13. Assignment. This Agreement is personal in nature and neither of the parties hereto shall, without the written consent of the other, assign or otherwise transfer this Agreement or its obligations, duties and rights under this Agreement; provided, however, that in the event of the merger, consolidation, transfer or sale of all or substantially all of the assets of the Company, this Agreement shall, subject to the provisions hereof, be binding upon and inure to the benefit of such successor and such successor shall discharge and perform all of the promises, covenants, duties and obligations of the Company hereunder.
(a) Entire Agreement; Modification. This Agreement contains the entire agreement of the parties relating to the subject matter hereof, and the parties hereto have made no agreements, representations or warranties relating to the subject matter of this Agreement that are not set forth otherwise herein. This Agreement supersedes any and all prior agreements, written or oral, between you and the Company. No modification of this Agreement shall be valid unless made in writing and signed by the parties hereto.
(b) Severable Provisions. This provisions of this Agreement are severable and if any one or more provisions may be determined to be illegal or otherwise unenforceable, in whole or in part, the remaining provisions of the Agreement shall nevertheless be binding and enforceable. Notwithstanding the foregoing, if there are any conflicts between the terms of this Agreement and the terms of any Plan document referred to in this Agreement, then the terms of this Agreement shall govern and control. Except as modified hereby, the Agreement shall remain unmodified and in full force and effect.
(c) Governing Law. This Agreement shall be governed by and interpreted in accordance with the laws of the Commonwealth of Massachusetts, without regard to the conflict of laws provisions hereof.

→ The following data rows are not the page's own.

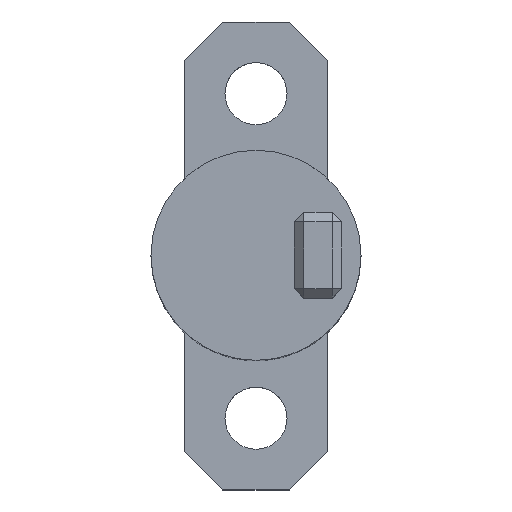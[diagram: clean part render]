
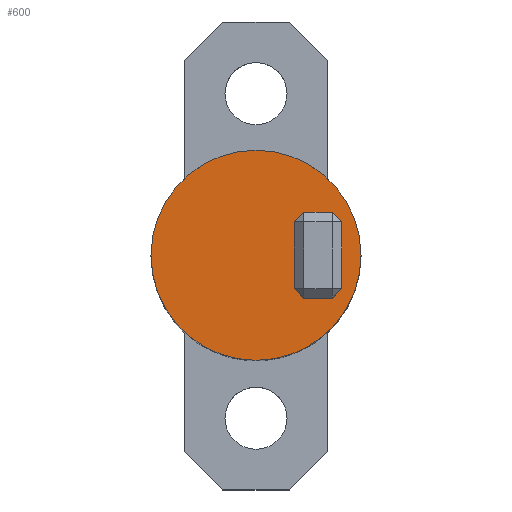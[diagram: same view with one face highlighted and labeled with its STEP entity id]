
A CAD part, top view. The second image highlights one B-rep face of the part: STEP entity #600.
In plain terms, the highlighted planar face has unit normal (0, 0, 1).
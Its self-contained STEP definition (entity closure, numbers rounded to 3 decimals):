
#305=AXIS2_PLACEMENT_3D('Circle Axis2P3D',#303,#304,$) ;
#391=AXIS2_PLACEMENT_3D('Circle Axis2P3D',#389,#390,$) ;
#512=AXIS2_PLACEMENT_3D('Plane Axis2P3D',#509,#510,#511) ;
#303=CARTESIAN_POINT('Axis2P3D Location',(0.,0.,0.)) ;
#307=CARTESIAN_POINT('Vertex',(-11.,0.,0.)) ;
#309=CARTESIAN_POINT('Vertex',(11.,0.,0.)) ;
#389=CARTESIAN_POINT('Axis2P3D Location',(0.,0.,0.)) ;
#509=CARTESIAN_POINT('Axis2P3D Location',(0.,0.,0.)) ;
#518=CARTESIAN_POINT('Line Origine',(8.5,4.,0.)) ;
#522=CARTESIAN_POINT('Vertex',(8.,4.5,0.)) ;
#524=CARTESIAN_POINT('Vertex',(9.,3.5,0.)) ;
#527=CARTESIAN_POINT('Line Origine',(9.,0.,0.)) ;
#531=CARTESIAN_POINT('Vertex',(9.,-3.5,0.)) ;
#534=CARTESIAN_POINT('Line Origine',(8.5,-4.,0.)) ;
#538=CARTESIAN_POINT('Vertex',(8.,-4.5,0.)) ;
#541=CARTESIAN_POINT('Line Origine',(6.935,-4.5,0.)) ;
#545=CARTESIAN_POINT('Vertex',(5.87,-4.5,0.)) ;
#548=CARTESIAN_POINT('Line Origine',(5.435,-4.5,0.)) ;
#552=CARTESIAN_POINT('Vertex',(5.,-4.5,0.)) ;
#555=CARTESIAN_POINT('Line Origine',(4.5,-4.,0.)) ;
#559=CARTESIAN_POINT('Vertex',(4.,-3.5,0.)) ;
#562=CARTESIAN_POINT('Line Origine',(4.,0.,0.)) ;
#566=CARTESIAN_POINT('Vertex',(4.,3.5,0.)) ;
#569=CARTESIAN_POINT('Line Origine',(4.5,4.,0.)) ;
#573=CARTESIAN_POINT('Vertex',(5.,4.5,0.)) ;
#576=CARTESIAN_POINT('Line Origine',(5.435,4.5,0.)) ;
#580=CARTESIAN_POINT('Vertex',(5.87,4.5,0.)) ;
#583=CARTESIAN_POINT('Line Origine',(6.935,4.5,0.)) ;
#304=DIRECTION('Axis2P3D Direction',(0.,0.,-1.)) ;
#390=DIRECTION('Axis2P3D Direction',(0.,0.,-1.)) ;
#510=DIRECTION('Axis2P3D Direction',(0.,0.,1.)) ;
#511=DIRECTION('Axis2P3D XDirection',(1.,0.,0.)) ;
#519=DIRECTION('Vector Direction',(0.707,-0.707,0.)) ;
#528=DIRECTION('Vector Direction',(0.,1.,0.)) ;
#535=DIRECTION('Vector Direction',(-0.707,-0.707,0.)) ;
#542=DIRECTION('Vector Direction',(1.,0.,0.)) ;
#549=DIRECTION('Vector Direction',(1.,0.,0.)) ;
#556=DIRECTION('Vector Direction',(-0.707,0.707,0.)) ;
#563=DIRECTION('Vector Direction',(0.,1.,0.)) ;
#570=DIRECTION('Vector Direction',(-0.707,-0.707,0.)) ;
#577=DIRECTION('Vector Direction',(1.,0.,0.)) ;
#584=DIRECTION('Vector Direction',(1.,0.,0.)) ;
#520=VECTOR('Line Direction',#519,1.) ;
#529=VECTOR('Line Direction',#528,1.) ;
#536=VECTOR('Line Direction',#535,1.) ;
#543=VECTOR('Line Direction',#542,1.) ;
#550=VECTOR('Line Direction',#549,1.) ;
#557=VECTOR('Line Direction',#556,1.) ;
#564=VECTOR('Line Direction',#563,1.) ;
#571=VECTOR('Line Direction',#570,1.) ;
#578=VECTOR('Line Direction',#577,1.) ;
#585=VECTOR('Line Direction',#584,1.) ;
#515=ORIENTED_EDGE('',*,*,#393,.F.) ;
#516=ORIENTED_EDGE('',*,*,#311,.F.) ;
#589=ORIENTED_EDGE('',*,*,#526,.T.) ;
#590=ORIENTED_EDGE('',*,*,#533,.T.) ;
#591=ORIENTED_EDGE('',*,*,#540,.T.) ;
#592=ORIENTED_EDGE('',*,*,#547,.T.) ;
#593=ORIENTED_EDGE('',*,*,#554,.F.) ;
#594=ORIENTED_EDGE('',*,*,#561,.T.) ;
#595=ORIENTED_EDGE('',*,*,#568,.T.) ;
#596=ORIENTED_EDGE('',*,*,#575,.F.) ;
#597=ORIENTED_EDGE('',*,*,#582,.T.) ;
#598=ORIENTED_EDGE('',*,*,#587,.T.) ;
#599=FACE_BOUND('',#588,.T.) ;
#600=ADVANCED_FACE('01_SSR02_\X2\4E38578B30B330A230593063307D3093672C4F53\X0\',(#517,#599),#513,.T.) ;
#306=CIRCLE('generated circle',#305,11.) ;
#392=CIRCLE('generated circle',#391,11.) ;
#311=EDGE_CURVE('',#308,#310,#306,.T.) ;
#393=EDGE_CURVE('',#310,#308,#392,.T.) ;
#526=EDGE_CURVE('',#523,#525,#521,.T.) ;
#533=EDGE_CURVE('',#525,#532,#530,.F.) ;
#540=EDGE_CURVE('',#532,#539,#537,.T.) ;
#547=EDGE_CURVE('',#539,#546,#544,.F.) ;
#554=EDGE_CURVE('',#553,#546,#551,.T.) ;
#561=EDGE_CURVE('',#553,#560,#558,.T.) ;
#568=EDGE_CURVE('',#560,#567,#565,.T.) ;
#575=EDGE_CURVE('',#574,#567,#572,.T.) ;
#582=EDGE_CURVE('',#574,#581,#579,.T.) ;
#587=EDGE_CURVE('',#581,#523,#586,.T.) ;
#514=EDGE_LOOP('',(#515,#516)) ;
#588=EDGE_LOOP('',(#589,#590,#591,#592,#593,#594,#595,#596,#597,#598)) ;
#517=FACE_OUTER_BOUND('',#514,.T.) ;
#521=LINE('Line',#518,#520) ;
#530=LINE('Line',#527,#529) ;
#537=LINE('Line',#534,#536) ;
#544=LINE('Line',#541,#543) ;
#551=LINE('Line',#548,#550) ;
#558=LINE('Line',#555,#557) ;
#565=LINE('Line',#562,#564) ;
#572=LINE('Line',#569,#571) ;
#579=LINE('Line',#576,#578) ;
#586=LINE('Line',#583,#585) ;
#513=PLANE('Plane',#512) ;
#308=VERTEX_POINT('',#307) ;
#310=VERTEX_POINT('',#309) ;
#523=VERTEX_POINT('',#522) ;
#525=VERTEX_POINT('',#524) ;
#532=VERTEX_POINT('',#531) ;
#539=VERTEX_POINT('',#538) ;
#546=VERTEX_POINT('',#545) ;
#553=VERTEX_POINT('',#552) ;
#560=VERTEX_POINT('',#559) ;
#567=VERTEX_POINT('',#566) ;
#574=VERTEX_POINT('',#573) ;
#581=VERTEX_POINT('',#580) ;

(e) Notices. All notices shall be in writing and shall be delivered personally (including by courier), sent by facsimile transmission (with appropriate documented receipt thereof), by overnight receipted courier service (such as UPS or FedEx) or sent by certified, registered or express mail, postage prepaid, to the Company at the following address: General Counsel, Sonus Networks, Inc., 7 Technology Park Drive, Westford, MA 01886, and to you at the following address: 71 Ettl Circle, Princeton, NJ 08540 with a copy to Sack & Sack, 110 East 59th Street, 19th Floor, New York, NY 10022, Attn: Jonathan S. Sack, Esq. Any such notice shall be deemed given when so delivered personally, or if sent by facsimile transmission, when transmitted, or, if by certified, registered or express mail, postage prepaid mailed, forty-eight (48) hours after the date of deposit in the mail. Any party may, by notice given in accordance with this paragraph to the other party, designate another address or person for receipt of notices hereunder.
(f) Counterparts. This Agreement may be executed in more than one counterpart, each of which shall be deemed to be an original, and all such counterparts together shall constitute one and the same instrument.
You may accept this offer of employment and the terms and conditions thereof by confirming your acceptance in writing by May 16, 2008. Please send your letter to the company, or via e-mail to email@example.com which execution will evidence your agreement with the terms and conditions set forth herein and therein. We are enthusiastic about your joining us, and believe that our technical and business goals will provide every opportunity for you to achieve your personal and professional objectives.
I am looking forward to your joining the team to help us take Sonus to the next level.